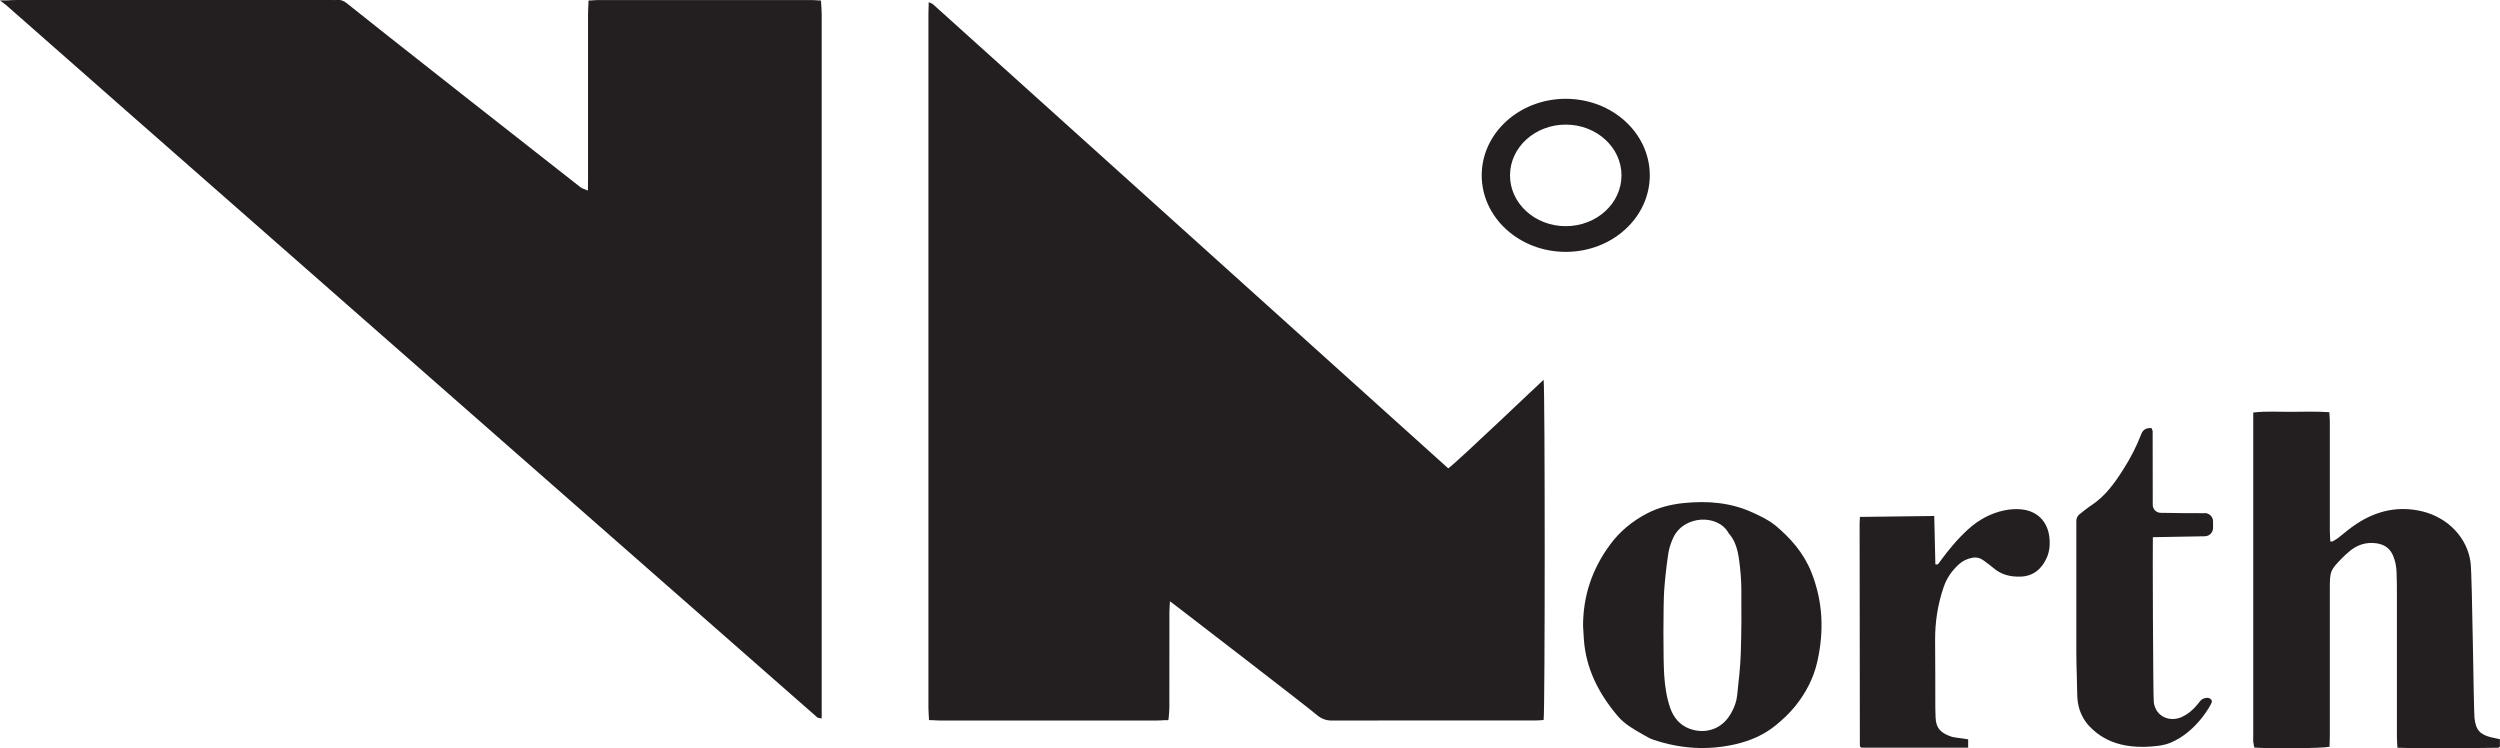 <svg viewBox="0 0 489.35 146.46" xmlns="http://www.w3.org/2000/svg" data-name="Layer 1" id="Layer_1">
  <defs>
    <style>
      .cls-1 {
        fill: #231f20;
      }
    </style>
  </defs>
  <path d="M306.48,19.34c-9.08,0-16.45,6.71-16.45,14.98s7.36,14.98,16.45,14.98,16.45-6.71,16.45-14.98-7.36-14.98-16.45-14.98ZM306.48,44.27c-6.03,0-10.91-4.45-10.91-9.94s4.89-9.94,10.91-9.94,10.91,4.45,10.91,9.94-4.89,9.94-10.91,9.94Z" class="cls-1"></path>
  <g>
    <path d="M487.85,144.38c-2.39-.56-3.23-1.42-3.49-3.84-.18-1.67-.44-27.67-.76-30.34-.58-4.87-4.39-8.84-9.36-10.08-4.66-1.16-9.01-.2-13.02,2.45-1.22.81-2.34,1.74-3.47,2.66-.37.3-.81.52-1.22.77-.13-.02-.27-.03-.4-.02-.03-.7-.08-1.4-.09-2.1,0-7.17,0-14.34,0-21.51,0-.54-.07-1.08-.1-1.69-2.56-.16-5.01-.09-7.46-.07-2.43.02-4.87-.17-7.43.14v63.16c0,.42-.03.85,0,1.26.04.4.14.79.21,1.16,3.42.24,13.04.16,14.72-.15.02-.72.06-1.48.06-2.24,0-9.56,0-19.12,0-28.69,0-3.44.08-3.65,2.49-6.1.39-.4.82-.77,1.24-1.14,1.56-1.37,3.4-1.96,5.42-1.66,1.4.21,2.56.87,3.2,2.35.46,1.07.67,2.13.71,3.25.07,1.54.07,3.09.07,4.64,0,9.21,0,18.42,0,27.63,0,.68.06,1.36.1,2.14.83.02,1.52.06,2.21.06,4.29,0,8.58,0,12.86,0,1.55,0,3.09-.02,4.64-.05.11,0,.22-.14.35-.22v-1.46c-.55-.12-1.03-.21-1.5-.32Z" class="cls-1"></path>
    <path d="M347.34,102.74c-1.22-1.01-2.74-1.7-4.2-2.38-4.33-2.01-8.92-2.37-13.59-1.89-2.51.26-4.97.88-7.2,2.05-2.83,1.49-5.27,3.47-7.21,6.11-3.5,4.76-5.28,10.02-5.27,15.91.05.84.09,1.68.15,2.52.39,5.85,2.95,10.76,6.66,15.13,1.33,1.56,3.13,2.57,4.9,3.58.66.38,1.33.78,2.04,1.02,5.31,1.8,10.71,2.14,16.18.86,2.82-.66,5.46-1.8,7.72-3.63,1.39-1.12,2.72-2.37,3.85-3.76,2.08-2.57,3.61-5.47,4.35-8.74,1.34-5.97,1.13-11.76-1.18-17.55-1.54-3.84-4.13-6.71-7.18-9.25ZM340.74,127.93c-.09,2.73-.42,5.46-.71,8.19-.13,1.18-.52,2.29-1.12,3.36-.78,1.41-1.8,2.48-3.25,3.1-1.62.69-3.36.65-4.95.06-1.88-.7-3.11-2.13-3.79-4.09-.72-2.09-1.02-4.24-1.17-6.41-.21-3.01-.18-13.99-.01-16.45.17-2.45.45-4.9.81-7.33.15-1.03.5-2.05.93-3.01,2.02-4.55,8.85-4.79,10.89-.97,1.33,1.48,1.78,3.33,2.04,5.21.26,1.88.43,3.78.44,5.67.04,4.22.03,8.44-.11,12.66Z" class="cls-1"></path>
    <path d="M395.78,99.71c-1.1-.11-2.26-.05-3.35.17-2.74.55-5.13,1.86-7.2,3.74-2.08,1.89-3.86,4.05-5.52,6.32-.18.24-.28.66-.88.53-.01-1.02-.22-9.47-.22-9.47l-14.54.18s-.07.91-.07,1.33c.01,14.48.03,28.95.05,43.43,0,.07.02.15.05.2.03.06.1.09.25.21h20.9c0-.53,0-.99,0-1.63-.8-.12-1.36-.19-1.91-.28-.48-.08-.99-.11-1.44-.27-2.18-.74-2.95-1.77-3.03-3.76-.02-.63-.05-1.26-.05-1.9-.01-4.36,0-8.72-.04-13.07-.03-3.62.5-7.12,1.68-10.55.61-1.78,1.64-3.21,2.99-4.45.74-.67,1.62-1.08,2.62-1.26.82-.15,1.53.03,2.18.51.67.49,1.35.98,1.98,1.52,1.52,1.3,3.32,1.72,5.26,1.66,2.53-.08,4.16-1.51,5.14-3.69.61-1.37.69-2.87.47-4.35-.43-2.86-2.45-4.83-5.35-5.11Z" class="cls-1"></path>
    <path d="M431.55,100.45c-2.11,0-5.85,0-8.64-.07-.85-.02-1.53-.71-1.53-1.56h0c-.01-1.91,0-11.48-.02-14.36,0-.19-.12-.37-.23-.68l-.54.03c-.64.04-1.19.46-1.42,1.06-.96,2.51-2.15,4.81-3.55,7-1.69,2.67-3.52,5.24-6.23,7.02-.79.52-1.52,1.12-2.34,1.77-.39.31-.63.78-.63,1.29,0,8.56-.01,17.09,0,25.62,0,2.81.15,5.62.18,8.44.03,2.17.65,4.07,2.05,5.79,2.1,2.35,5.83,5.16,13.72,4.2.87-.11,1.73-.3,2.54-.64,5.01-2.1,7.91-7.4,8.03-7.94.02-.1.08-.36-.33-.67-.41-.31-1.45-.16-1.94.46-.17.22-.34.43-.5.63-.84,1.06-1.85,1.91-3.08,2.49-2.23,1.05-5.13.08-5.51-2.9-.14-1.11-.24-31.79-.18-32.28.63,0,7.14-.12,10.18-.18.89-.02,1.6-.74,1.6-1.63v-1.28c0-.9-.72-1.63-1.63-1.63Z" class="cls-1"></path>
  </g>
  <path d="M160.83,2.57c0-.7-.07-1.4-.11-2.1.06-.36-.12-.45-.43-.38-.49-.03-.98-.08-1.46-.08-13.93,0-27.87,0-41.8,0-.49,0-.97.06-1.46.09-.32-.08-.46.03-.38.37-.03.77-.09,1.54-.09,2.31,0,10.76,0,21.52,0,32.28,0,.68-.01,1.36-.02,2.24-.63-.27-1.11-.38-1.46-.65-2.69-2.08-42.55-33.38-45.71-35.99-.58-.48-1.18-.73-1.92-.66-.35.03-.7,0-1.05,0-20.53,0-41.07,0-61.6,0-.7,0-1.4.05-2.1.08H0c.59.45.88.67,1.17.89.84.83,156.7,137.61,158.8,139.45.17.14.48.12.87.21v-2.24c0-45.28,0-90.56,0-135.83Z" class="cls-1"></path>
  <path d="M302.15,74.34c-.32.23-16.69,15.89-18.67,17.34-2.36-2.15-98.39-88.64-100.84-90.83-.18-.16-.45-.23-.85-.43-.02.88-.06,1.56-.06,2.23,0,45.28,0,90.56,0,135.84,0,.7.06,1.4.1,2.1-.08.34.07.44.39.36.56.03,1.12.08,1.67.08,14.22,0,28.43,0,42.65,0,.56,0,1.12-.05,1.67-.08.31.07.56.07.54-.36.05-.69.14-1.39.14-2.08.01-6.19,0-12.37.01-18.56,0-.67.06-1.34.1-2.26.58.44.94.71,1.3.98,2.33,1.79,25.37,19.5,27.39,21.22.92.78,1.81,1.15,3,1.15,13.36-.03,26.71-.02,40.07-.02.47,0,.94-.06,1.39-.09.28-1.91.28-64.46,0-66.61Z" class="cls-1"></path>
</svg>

□ □ □

Restate the whole listing above exactly, except for its images.

## COMPLETED TASK
 <svg viewBox="0 0 489.35 146.46" xmlns="http://www.w3.org/2000/svg" data-name="Layer 1" id="Layer_1">
  <defs>
    <style>
      .cls-1 {
        fill: #231f20;
      }
    </style>
  </defs>
  <path d="M306.48,19.34c-9.08,0-16.45,6.71-16.45,14.98s7.36,14.98,16.45,14.98,16.45-6.71,16.45-14.98-7.36-14.98-16.45-14.98ZM306.48,44.27c-6.03,0-10.91-4.45-10.91-9.94s4.89-9.94,10.91-9.94,10.91,4.45,10.91,9.94-4.89,9.94-10.91,9.94Z" class="cls-1"></path>
  <g>
    <path d="M487.85,144.38c-2.39-.56-3.23-1.42-3.49-3.84-.18-1.67-.44-27.67-.76-30.34-.58-4.87-4.39-8.84-9.36-10.08-4.66-1.16-9.01-.2-13.02,2.45-1.22.81-2.34,1.74-3.47,2.66-.37.3-.81.52-1.22.77-.13-.02-.27-.03-.4-.02-.03-.7-.08-1.4-.09-2.1,0-7.17,0-14.34,0-21.51,0-.54-.07-1.08-.1-1.69-2.56-.16-5.01-.09-7.46-.07-2.43.02-4.87-.17-7.43.14v63.16c0,.42-.03.85,0,1.26.04.4.14.79.21,1.16,3.42.24,13.04.16,14.72-.15.02-.72.06-1.48.06-2.24,0-9.56,0-19.12,0-28.69,0-3.44.08-3.65,2.49-6.1.39-.4.82-.77,1.24-1.14,1.56-1.37,3.4-1.96,5.42-1.66,1.4.21,2.56.87,3.2,2.35.46,1.07.67,2.13.71,3.25.07,1.54.07,3.09.07,4.64,0,9.21,0,18.42,0,27.63,0,.68.06,1.36.1,2.14.83.02,1.52.06,2.21.06,4.29,0,8.58,0,12.86,0,1.55,0,3.09-.02,4.64-.05.11,0,.22-.14.35-.22v-1.46c-.55-.12-1.03-.21-1.5-.32Z" class="cls-1"></path>
    <path d="M347.34,102.74c-1.22-1.01-2.74-1.7-4.2-2.38-4.33-2.01-8.92-2.37-13.59-1.89-2.51.26-4.97.88-7.2,2.05-2.83,1.49-5.27,3.47-7.21,6.11-3.5,4.76-5.28,10.02-5.27,15.91.05.84.09,1.68.15,2.52.39,5.85,2.95,10.76,6.66,15.13,1.33,1.56,3.13,2.57,4.9,3.58.66.38,1.33.78,2.04,1.02,5.31,1.8,10.71,2.14,16.18.86,2.82-.66,5.46-1.8,7.72-3.63,1.39-1.12,2.72-2.37,3.85-3.76,2.08-2.57,3.61-5.47,4.35-8.74,1.34-5.97,1.13-11.76-1.18-17.55-1.54-3.84-4.13-6.71-7.18-9.25ZM340.74,127.93c-.09,2.73-.42,5.46-.71,8.19-.13,1.18-.52,2.29-1.12,3.36-.78,1.41-1.8,2.48-3.25,3.1-1.62.69-3.36.65-4.95.06-1.88-.7-3.11-2.13-3.79-4.09-.72-2.09-1.02-4.24-1.17-6.41-.21-3.01-.18-13.99-.01-16.45.17-2.45.45-4.9.81-7.33.15-1.03.5-2.05.93-3.01,2.02-4.55,8.85-4.79,10.89-.97,1.33,1.48,1.78,3.33,2.04,5.21.26,1.88.43,3.78.44,5.67.04,4.22.03,8.44-.11,12.66Z" class="cls-1"></path>
    <path d="M395.78,99.71c-1.1-.11-2.26-.05-3.35.17-2.74.55-5.13,1.86-7.2,3.74-2.08,1.89-3.86,4.05-5.52,6.32-.18.24-.28.66-.88.53-.01-1.02-.22-9.47-.22-9.47l-14.54.18s-.07.91-.07,1.33c.01,14.48.03,28.95.05,43.43,0,.07.02.15.05.2.03.06.1.09.25.21h20.9c0-.53,0-.99,0-1.63-.8-.12-1.36-.19-1.91-.28-.48-.08-.99-.11-1.44-.27-2.18-.74-2.95-1.77-3.03-3.76-.02-.63-.05-1.26-.05-1.9-.01-4.36,0-8.72-.04-13.07-.03-3.62.5-7.12,1.68-10.55.61-1.78,1.64-3.21,2.99-4.45.74-.67,1.62-1.08,2.62-1.26.82-.15,1.53.03,2.18.51.67.49,1.35.98,1.98,1.52,1.52,1.3,3.32,1.72,5.26,1.66,2.53-.08,4.16-1.51,5.14-3.69.61-1.37.69-2.87.47-4.35-.43-2.86-2.45-4.83-5.35-5.11Z" class="cls-1"></path>
    <path d="M431.55,100.45c-2.11,0-5.85,0-8.64-.07-.85-.02-1.53-.71-1.53-1.56h0c-.01-1.91,0-11.48-.02-14.36,0-.19-.12-.37-.23-.68l-.54.03c-.64.04-1.19.46-1.42,1.06-.96,2.51-2.15,4.81-3.55,7-1.69,2.67-3.52,5.24-6.23,7.02-.79.52-1.52,1.12-2.34,1.77-.39.31-.63.78-.63,1.29,0,8.56-.01,17.09,0,25.62,0,2.81.15,5.62.18,8.44.03,2.17.65,4.07,2.05,5.79,2.1,2.35,5.83,5.16,13.72,4.2.87-.11,1.73-.3,2.54-.64,5.01-2.1,7.91-7.4,8.03-7.94.02-.1.08-.36-.33-.67-.41-.31-1.45-.16-1.94.46-.17.22-.34.43-.5.63-.84,1.06-1.85,1.91-3.08,2.49-2.23,1.05-5.13.08-5.51-2.9-.14-1.11-.24-31.79-.18-32.28.63,0,7.14-.12,10.18-.18.89-.02,1.6-.74,1.6-1.63v-1.28c0-.9-.72-1.63-1.63-1.63Z" class="cls-1"></path>
  </g>
  <path d="M160.83,2.57c0-.7-.07-1.4-.11-2.1.06-.36-.12-.45-.43-.38-.49-.03-.98-.08-1.46-.08-13.93,0-27.87,0-41.8,0-.49,0-.97.06-1.46.09-.32-.08-.46.03-.38.37-.03.77-.09,1.54-.09,2.31,0,10.76,0,21.52,0,32.28,0,.68-.01,1.36-.02,2.24-.63-.27-1.11-.38-1.46-.65-2.69-2.08-42.55-33.38-45.71-35.99-.58-.48-1.18-.73-1.92-.66-.35.03-.7,0-1.05,0-20.53,0-41.07,0-61.6,0-.7,0-1.4.05-2.1.08H0c.59.45.88.67,1.17.89.84.83,156.7,137.61,158.8,139.45.17.14.48.12.87.21v-2.24c0-45.28,0-90.56,0-135.83Z" class="cls-1"></path>
  <path d="M302.15,74.34c-.32.23-16.69,15.89-18.67,17.34-2.36-2.15-98.39-88.64-100.84-90.83-.18-.16-.45-.23-.85-.43-.02.88-.06,1.56-.06,2.23,0,45.28,0,90.56,0,135.84,0,.7.06,1.4.1,2.1-.08.34.07.44.39.36.56.03,1.12.08,1.67.08,14.22,0,28.43,0,42.65,0,.56,0,1.12-.05,1.67-.08.31.07.56.07.54-.36.05-.69.14-1.39.14-2.08.01-6.19,0-12.37.01-18.56,0-.67.06-1.34.1-2.26.58.44.94.71,1.3.98,2.33,1.79,25.37,19.5,27.39,21.22.92.78,1.81,1.15,3,1.15,13.36-.03,26.71-.02,40.07-.02.47,0,.94-.06,1.39-.09.28-1.91.28-64.46,0-66.61Z" class="cls-1"></path>
</svg>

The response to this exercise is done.